Objective: Iron is associated with the pathogenesis of chronic kidney disease (CKD). Activation of mineralocorticoid receptor signaling is implicated in CKD; however, a link between iron and mineralocorticoid receptor signaling in CKD remains unknown. We have previously shown that long-term dietary iron restriction leads to increased sodium and decreased potassium excretions in the rat urine. Herein, we investigated the effect of iron restriction on renal damage and mineralocorticoid receptor signaling in a rat model of CKD.
Methods: CKD was induced by 5/6 nephrectomy in Sprague-Dawley rats. CKD rats were divided into untreated and dietary iron-restricted groups.

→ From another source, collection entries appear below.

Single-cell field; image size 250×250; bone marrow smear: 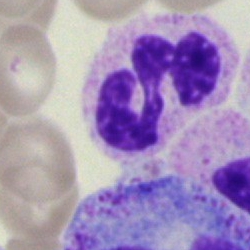 Morphological class — polymorphonuclear neutrophil.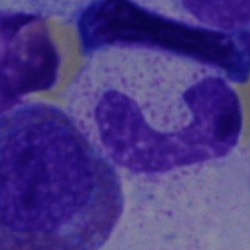

{"cell_type": "neutrophil (segmented)", "lineage": "myeloid"}
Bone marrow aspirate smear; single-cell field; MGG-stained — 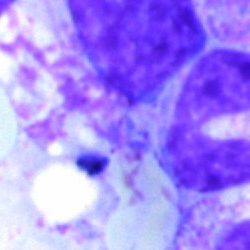Classification = stab cell.
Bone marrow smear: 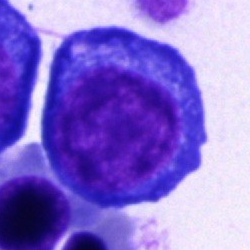 Pronormoblast.

Results: CKD rats exhibited proteinuria, glomerulosclerosis, tubulointerstitinal damage, and podocyte injury. In contrast, these changes were attenuated by 16 weeks of iron-restricted diet. Consistent with these findings, iron restriction suppressed increased gene expression of collagen type III, transforming growth factor-β, CD68, and tumor necrosis factor-α in the CKD kidney. Importantly, increased expression of nuclear mineralocorticoid receptor and SGK1, a key downstream effector of mineralocorticoid receptor signaling, in the CKD kidney was markedly attenuated by iron restriction. Of interest, expression of cellular iron transport proteins, transferrin receptor 1, and divalent metal transporter 1 was increased in the CKD renal tubules, along with increased iron accumulation, superoxide production, and urinary iron excretion. CKD rats also developed hypertension, although iron restriction suppressed the development of hypertension.
Conclusion: Taken together, these data uncover a novel effect of iron restriction on renal damage and hypertension through the inhibition of renal mineralocorticoid receptor signaling.